7. The method of claim 6, wherein the molecular application output comprises a sequence of molecular representations when the output network is a molecular generation network, wherein,

if the molecule generation network is used to generate a new molecule, the molecule representation sequence is a molecule representation sequence of the new molecule; alternatively, the first and second electrodes may be,

if the molecule generation network is used to generate a new molecule with a specific property, the molecule application input further comprises: information of the specific attribute; the molecule representation sequence is a molecule representation sequence of a new molecule having the specific property; alternatively, the first and second electrodes may be,

if the molecule generation network is used to generate optimized molecules, the molecule application input further comprises: the molecule to be optimized represents the sequence; the molecular representation sequence is an optimized molecular representation sequence.

8. The method of claim 6, wherein,

when the output network is a molecular prediction network, the molecular application input comprises: the molecule to be predicted represents a sequence; the molecular application output comprises: and the molecules to be predicted represent predicted values corresponding to the sequences.
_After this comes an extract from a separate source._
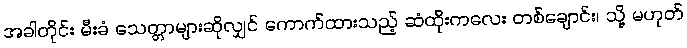
အခါတိုင်း မီးခံ သေတ္တာများဆိုလျှင် ကောက်ထားသည့် ဆံထိုးကလေး တစ်ချောင်း၊ သို့ မဟုတ်

9. A training apparatus for a molecular understanding model, comprising:

an obtaining module, configured to obtain pre-training data, where the pre-training data includes: a first molecule represents a sequence sample and a second molecule represents a sequence sample, the first molecule represents a sequence sample and the second molecule;

the processing module is used for processing the first molecular representation sequence sample by adopting the molecular understanding model to obtain pre-training output;

and the updating module is used for calculating a pre-training loss function according to the pre-training output and the second molecular representation sequence sample, and updating the parameters of the molecular understanding model according to the pre-training loss function.

10. The apparatus of claim 9, wherein,

the molecular understanding model comprises an encoder and a decoder;

11. The apparatus of claim 10, wherein,

12. The apparatus of claim 11, wherein the processing module is specifically configured to:

13. The apparatus of any one of claims 9-12,

14. A molecular processing apparatus based on a molecular model including a molecular understanding model obtained using two different molecular representation sequence samples of the same molecule and an output network, the molecular processing apparatus comprising:

a first processing module, configured to process a molecular application input by using the molecular understanding model to obtain a hidden layer output, where the molecular application input includes a fixed identifier when the output network is a molecular generation network;

and the second processing module is used for processing the hidden layer output by adopting the output network so as to obtain the molecular application output.

15. The apparatus of claim 14, the molecular application output comprising a sequence of molecular representations when the output network is a molecular generation network, wherein,

16. The apparatus of claim 14, wherein,

17. An electronic device, comprising:

at least one processor; and

a memory communicatively coupled to the at least one processor; wherein the content of the first and second substances,

the memory stores instructions executable by the at least one processor to enable the at least one processor to perform the training method of any one of claims 1-5 or the processing method of any one of claims 6-8.

18. A non-transitory computer readable storage medium storing computer instructions for causing a computer to perform the training method of any one of claims 1-5 or the processing method of any one of claims 6-8.

19. A computer program product comprising a computer program which, when executed by a processor, implements a training method according to any one of claims 1-5, or a processing method according to any one of claims 6-8.